▶ Work to complete
From the entries that follow, copy each line containing the word "continuation".

▶ Data to process

↓

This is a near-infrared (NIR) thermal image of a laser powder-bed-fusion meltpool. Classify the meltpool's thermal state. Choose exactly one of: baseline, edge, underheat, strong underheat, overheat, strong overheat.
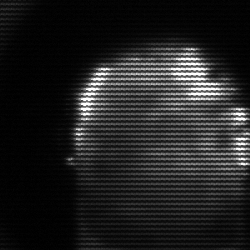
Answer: baseline
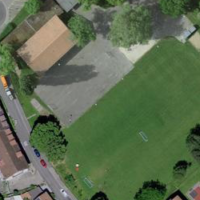
EUNIS habitat code: 55
Species observed at this site:
Symphoricarpos albus
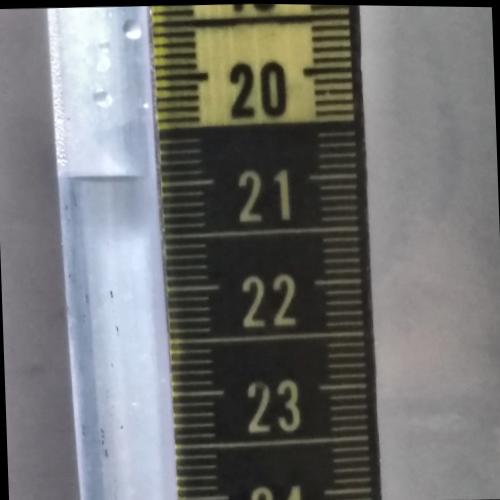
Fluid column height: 20.9 cm
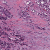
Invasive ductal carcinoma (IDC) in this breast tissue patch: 1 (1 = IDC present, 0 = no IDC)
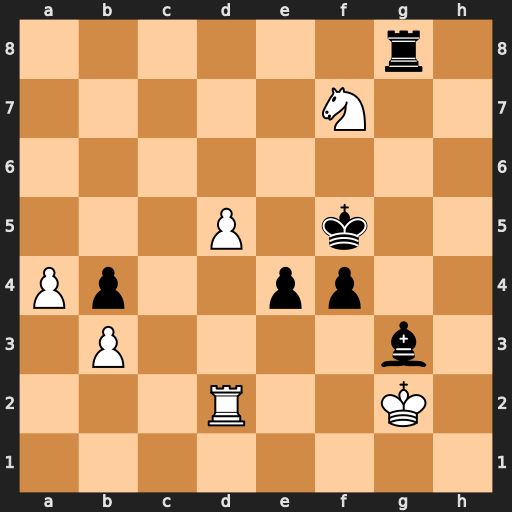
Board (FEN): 6r1/5N2/8/3P1k2/Pp2pp2/1P4b1/3R2K1/8
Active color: w
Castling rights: -
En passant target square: -
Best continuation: Nh6+ Ke5 Nxg8
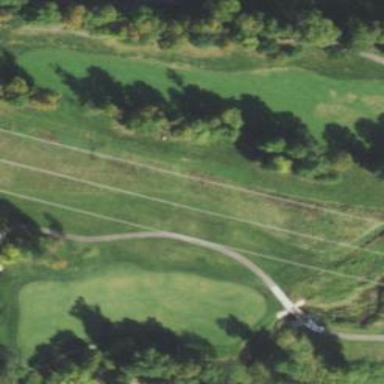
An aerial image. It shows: Pathway for golfing.
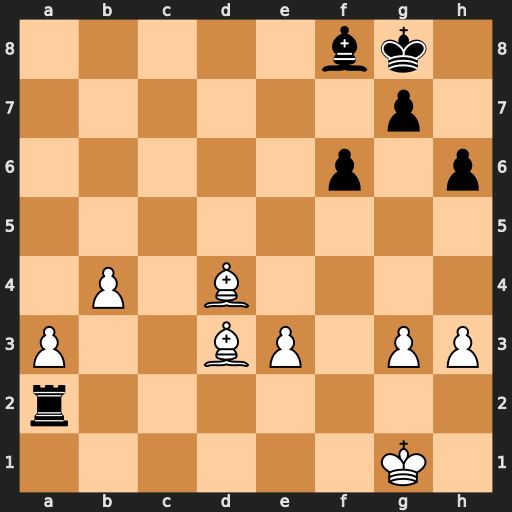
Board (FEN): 5bk1/6p1/5p1p/8/1P1B4/P2BP1PP/r7/6K1
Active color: w
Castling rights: -
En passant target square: -
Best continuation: Bc4+ Kh7 Bxa2
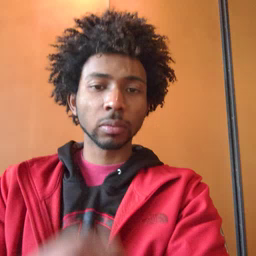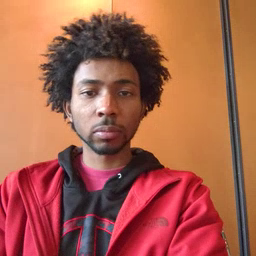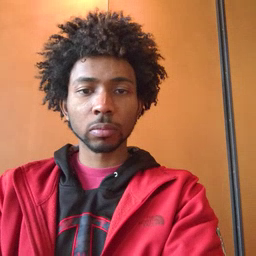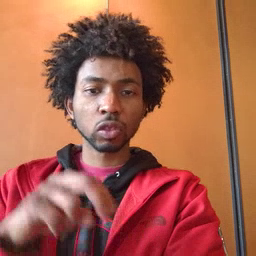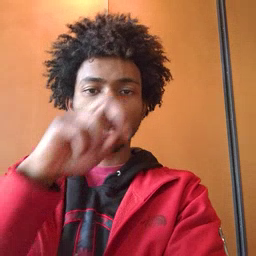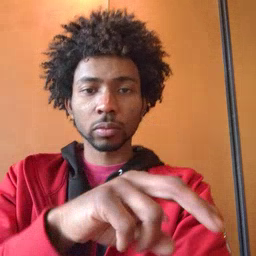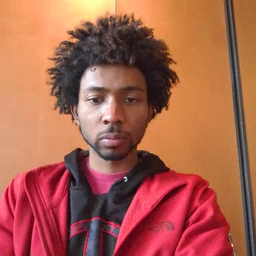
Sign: jump
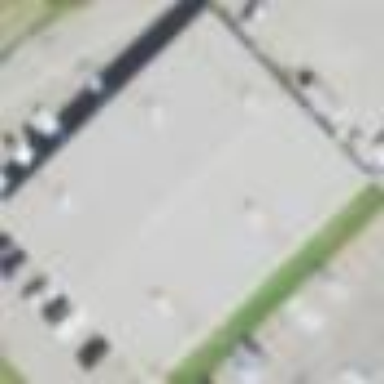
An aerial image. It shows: Building.
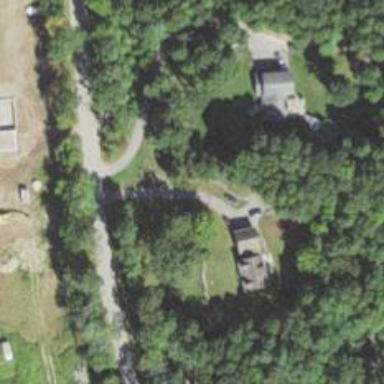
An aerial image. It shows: Residential driveway used as service road.

↑

▶ Solution to the problem
Best continuation: Nh6+ Ke5 Nxg8
Best continuation: Bc4+ Kh7 Bxa2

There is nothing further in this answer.